* _EXERCISE GOAL_
An exact copy of every entry is required, minus the pictures.

(Source data)
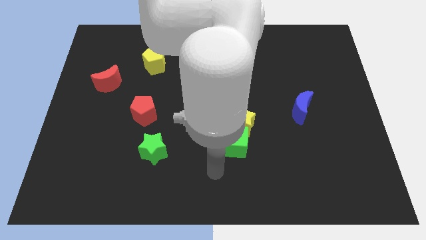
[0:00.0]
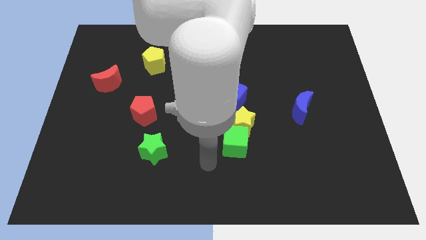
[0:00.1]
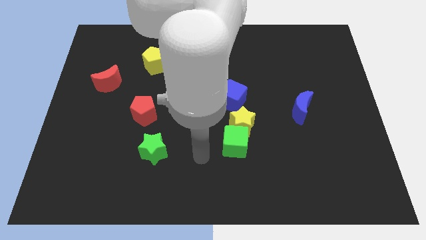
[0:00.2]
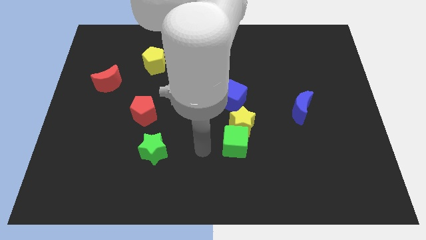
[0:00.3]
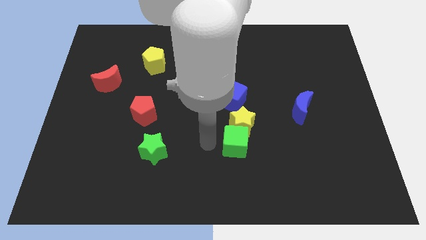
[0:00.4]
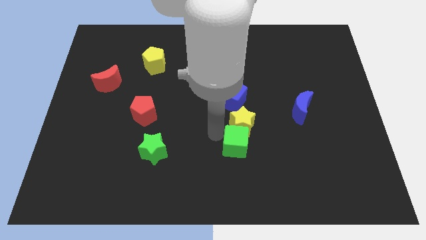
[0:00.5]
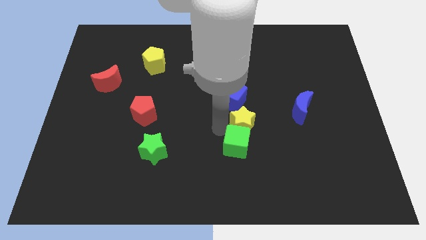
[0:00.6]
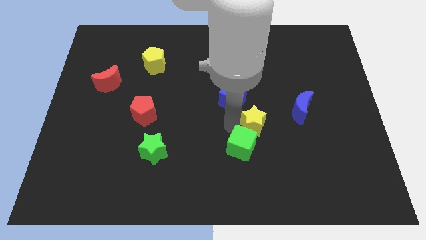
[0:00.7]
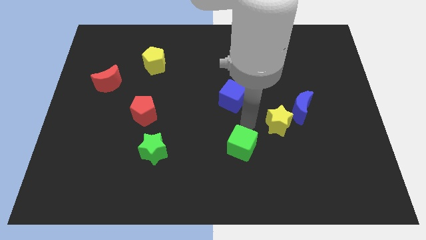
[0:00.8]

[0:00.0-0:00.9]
move the green cube away from the yellow star

* _EXERCISE RESPONSE_
[0:00.0]
[0:00.1]
[0:00.2]
[0:00.3]
[0:00.4]
[0:00.5]
[0:00.6]
[0:00.7]
[0:00.8]

[0:00.0-0:00.9]
move the green cube away from the yellow star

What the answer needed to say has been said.